Informé des possibilités d’entrer au Canada de façon irrégulière via les réseaux sociaux, il est conscient que plusieurs demandes d’asile seront rejetées. Mais qu’importe, il veut tenter sa chance à tout prix, ne parvenant pas à décrocher un travail en Haïti, où l’emploi est l’exception et le chômage, la règle.

Même pour ceux qui vivaient aux États-Unis depuis quelques années, le portrait n’était pas rose.

«Je n’avais pas de permis de travail. Toutefois, je gagnais jusqu’à 700$ par semaine. Ce qui me pousse à me rendre au Canada, c’est mon désir de progresser d’un point de vue intellectuel», confie pour sa part un quadragénaire ayant travaillé durant 14 ans pour des organisations non-gouvernementales en Haiti avant de se rendre aux États-Unis.

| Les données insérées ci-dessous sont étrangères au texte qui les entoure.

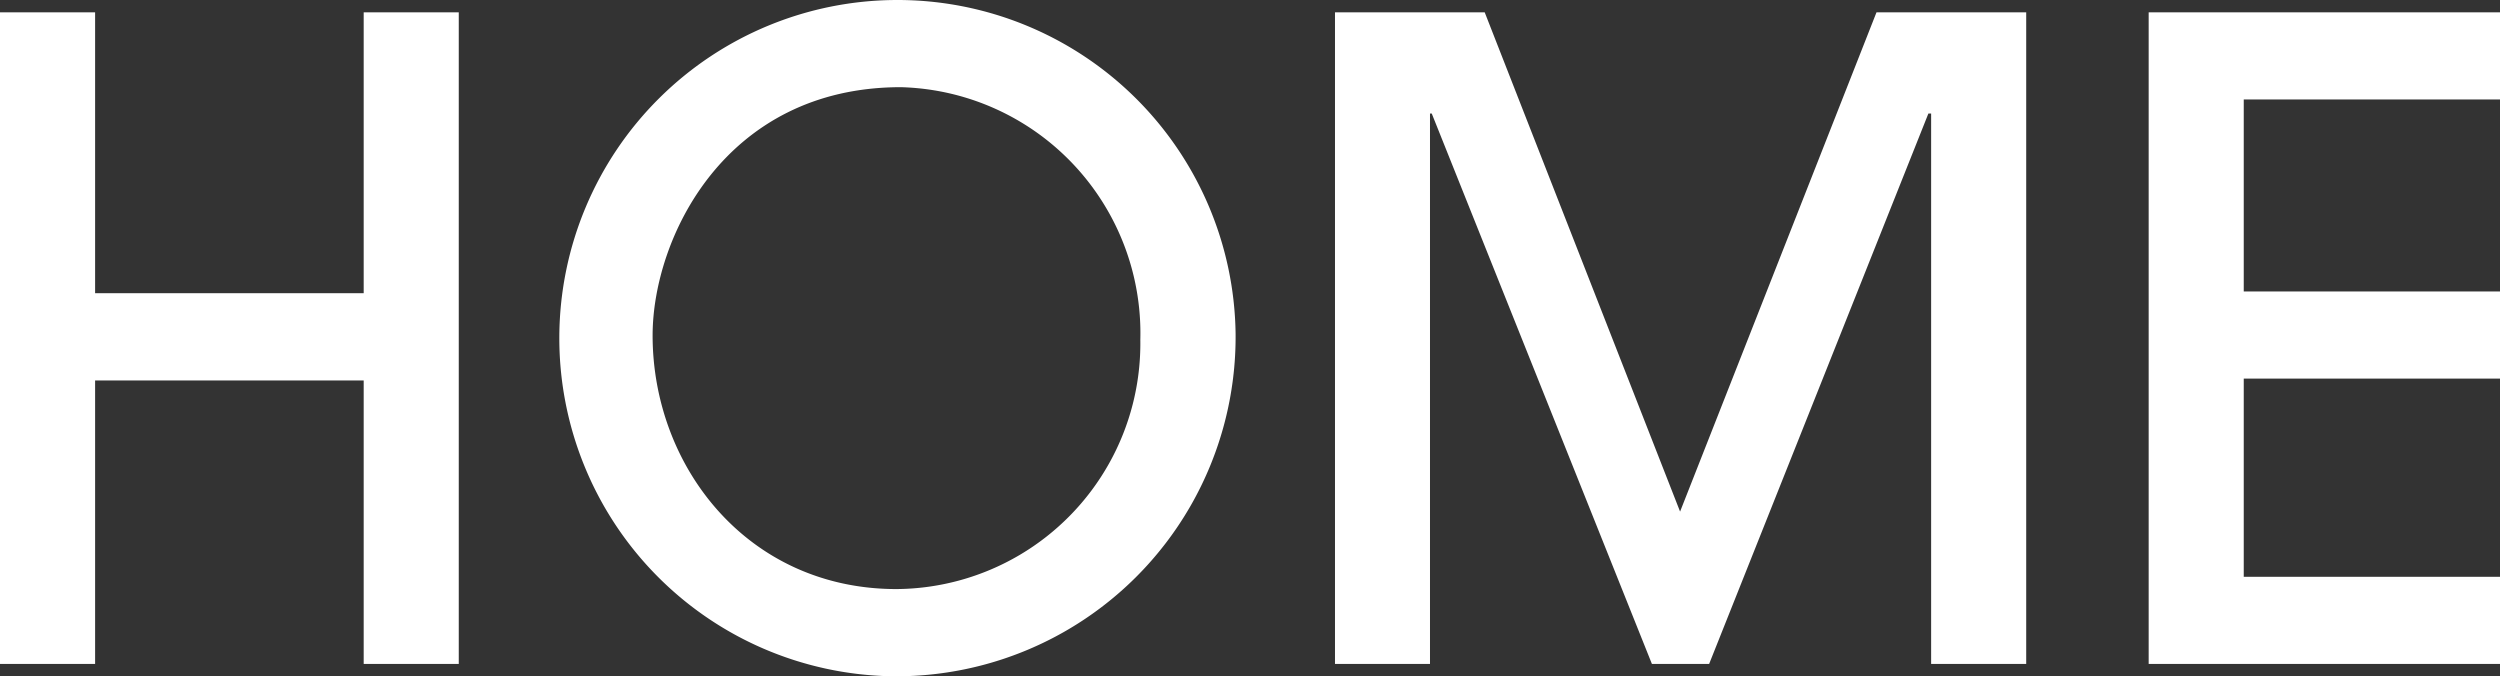 <svg xmlns="http://www.w3.org/2000/svg" width="90.847" height="24.574" viewBox="0 0 90.847 24.574"><rect x="0" y="0" width="90.847" height="24.574" fill="#333333" stroke="none"/><defs><style>.cls-1{fill:#fff;}</style></defs><g id="レイヤー_2" data-name="レイヤー 2"><g id="レイヤー_1-2" data-name="レイヤー 1"><path class="cls-1" d="M13.216,24.126v-10.3H3.456v10.3H0V.447H3.456V10.655h9.76V.447h3.455V24.126Z"/><path class="cls-1" d="M32.383,24.574A12.288,12.288,0,1,1,44.9,12.127,12.333,12.333,0,0,1,32.383,24.574Zm9.055-12.223a8.943,8.943,0,0,0-8.7-9.183c-6.4,0-9.023,5.5-9.023,9.022,0,4.768,3.455,9.216,8.863,9.216A8.923,8.923,0,0,0,41.438,12.351Z"/><path class="cls-1" d="M70.175,24.126v-20h-.1l-7.967,20h-2.08l-8-20h-.064v20H48.512V.447h5.44l7.1,18.144L68.19.447h5.44V24.126Z"/><path class="cls-1" d="M78.08,24.126V.447H90.847V3.615H81.535v6.976h9.312v3.168H81.535v7.2h9.312v3.168Z"/></g></g></svg>

Même s’il détient visa américain valide, celui qui a étudié la sociologie et les sciences juridiques en Haïti n’avait plus aucun espoir d’améliorer sa situation au pays de l’Oncle Sam.

Transit par 10 pays

Un autre demandeur d’asile détenait lui aussi un visa de touriste américain bon pour cinq ans. Mais on l’a révoqué parce qu’il a séjourné plus de six mois consécutifs aux États-Unis. Avant, il travaillait comme commerçant en Haïti et dit avoir reçu des menaces de ses concurrents. Le Canada lui apparaît comme l’ultime recours pour tenter d’éviter l’expulsion, alors que l’administration Trump entend adopter un nouveau décret pour mettre fin aux villes sanctuaires.

Accompagnée de sa petite fille, une mère en transit à Lacolle a raconté, du bout des lèvres, le périple qu’elle a effectué depuis quelques années avant d’arriver aux États-Unis. Elle dit avoir traversé pas moins de 10 pays. En passant par le Brésil, son mari aurait été arrêté et renvoyé en Haïti. Elle espère maintenant échapper à la misère et garantir un meilleur avenir à son enfant.

(Avec la collaboration de Josiane Desjardins)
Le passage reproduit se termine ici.